There are many many ways to achieve the same or better results for spam protection they by using google

Such as? I switched to gmail mostly for the spam filtering.
It's federated but certainly not completely decentralized. Spam filters in a way have become "a protection (even if flawed)". With email, you can still send an email to anyone but if you send it from a personal server versus gmail, it's much less likely to be read.
* citation needed

That's not been my experience at all. I've been running my own email server for years and I've yet to hear about an email being blocked. I know many other people who run their own email server just fine.

Indeed, I've been successfully running my email server for the past five years and mail has no problem reaching gmail users.

I think people have just become defeatist.

I would argue Email is heavily abused, much more than Twitter. It's just not very noticeable if you have a good spam filter.
I would argue that 'abuse' is the most significant characteristic of an open system. What is one persons abuse is absolute freedom to another.

The proficient design subsystems to isolate themselves from the 'abuse' and attract customers of their design. These become walled gardens. Eventually the closed system becomes oppressive.

As many others note it is a sort of dialetic that can be traced in historical political movements and other human endeavor.

I don't think "regular people" are concerned about being harmed on social media. The story around abuse comes from very high profile people that receive the social media equivalent of what we used to call hate mail.

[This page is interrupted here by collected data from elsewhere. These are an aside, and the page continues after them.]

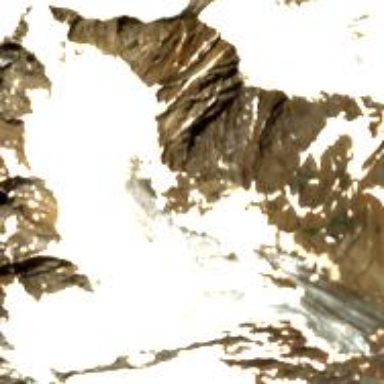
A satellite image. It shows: Majestic glacier in the distance.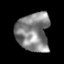
Tissue: lung
Cell type: Epithelial cells
Senescence score: 0.165
Nuclear area (px): 1239
Mean DAPI intensity: 133.963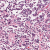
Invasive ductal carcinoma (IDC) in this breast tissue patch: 1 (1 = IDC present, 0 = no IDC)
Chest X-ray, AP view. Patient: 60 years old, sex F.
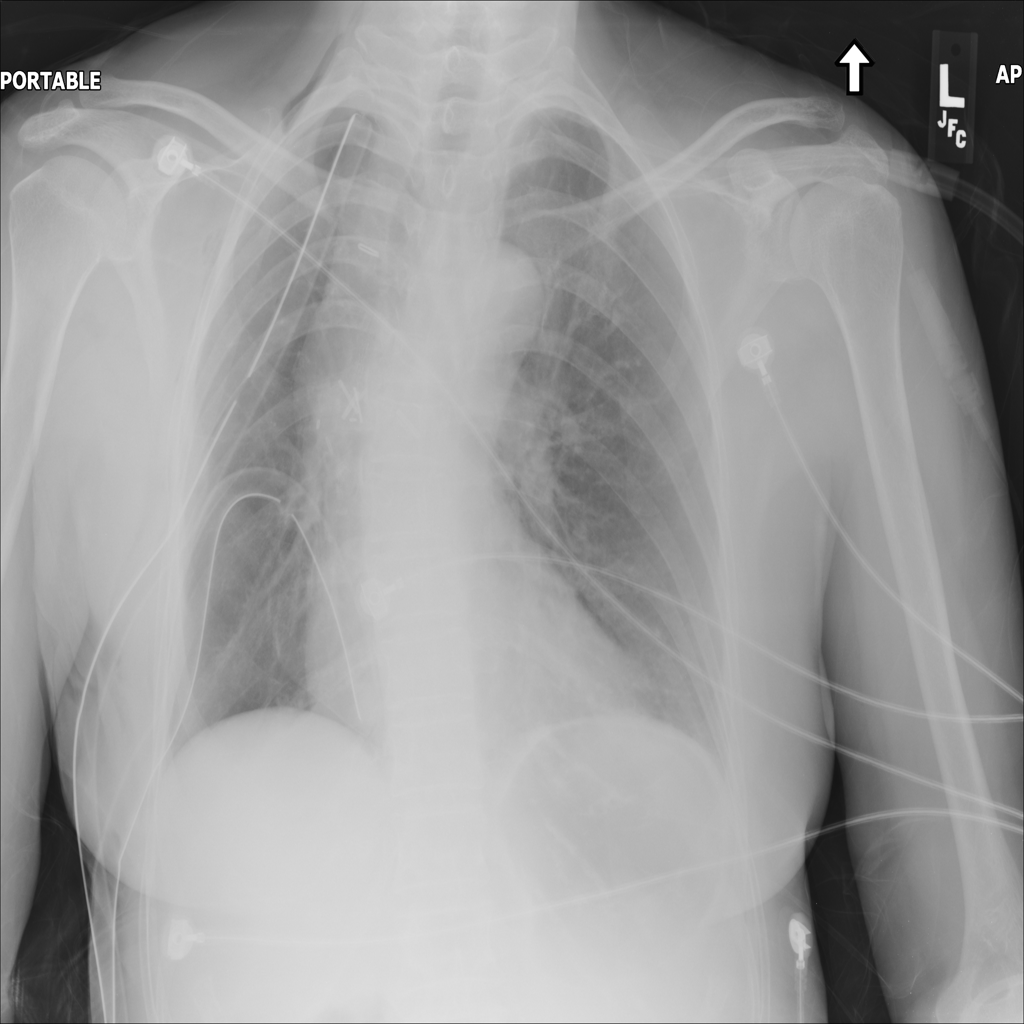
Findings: Infiltration
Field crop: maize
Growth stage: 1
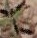
Species: atriplex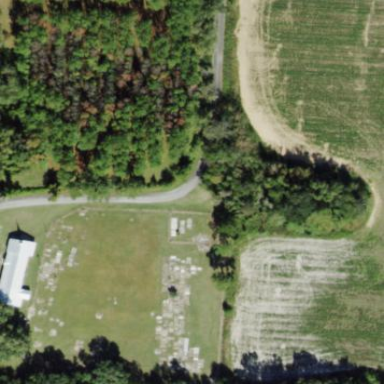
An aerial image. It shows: Grave yard.

When a regular person signs up to Twitter they don't even get any followers let alone harassment. Abuse only happens when you reach a suitably large audience to enable it. Most people will never have that kind of attention.

I think centralization's domination in tech is due mostly to technical and business reasons. Centralized search is fast, centralized content is fast and high quality, discovery is easier...

Not "abuse" as in "targeted bullying". Abuse" as in "untargeted spam".

Just look at what happened to IRC. And Usenet. And Email. Heck, even the Fediverse. The major providers colluded in the form of de-facto network-wide blacklists as a way to counter spam, ultimately centralizing control of the network. People stick to the major providers that participate in the blacklist because, while a few people will occasionally be unjustly kicked out, most of the time it actually works pretty well and the major providers aren't flooded with garbage.

I took the "safer" in the OP to mean harassment but totally agree with you on your point. It goes to what I was saying about centralization offering better technical advantages.
Even if you don't personally see the benefit of a platform having a way to stop hate speech and harassment (we can all agree on the value of stopping spam at least), you still have the problem that a platform that allows hate speech and harassment will self-select for horrible users who aren't allowed on the major platforms. It'll be a wasteland of garbage, like 8chan, Gab or Voat.

Notice that you're currently expressing yourself on the actively-moderated HN, not on one of those.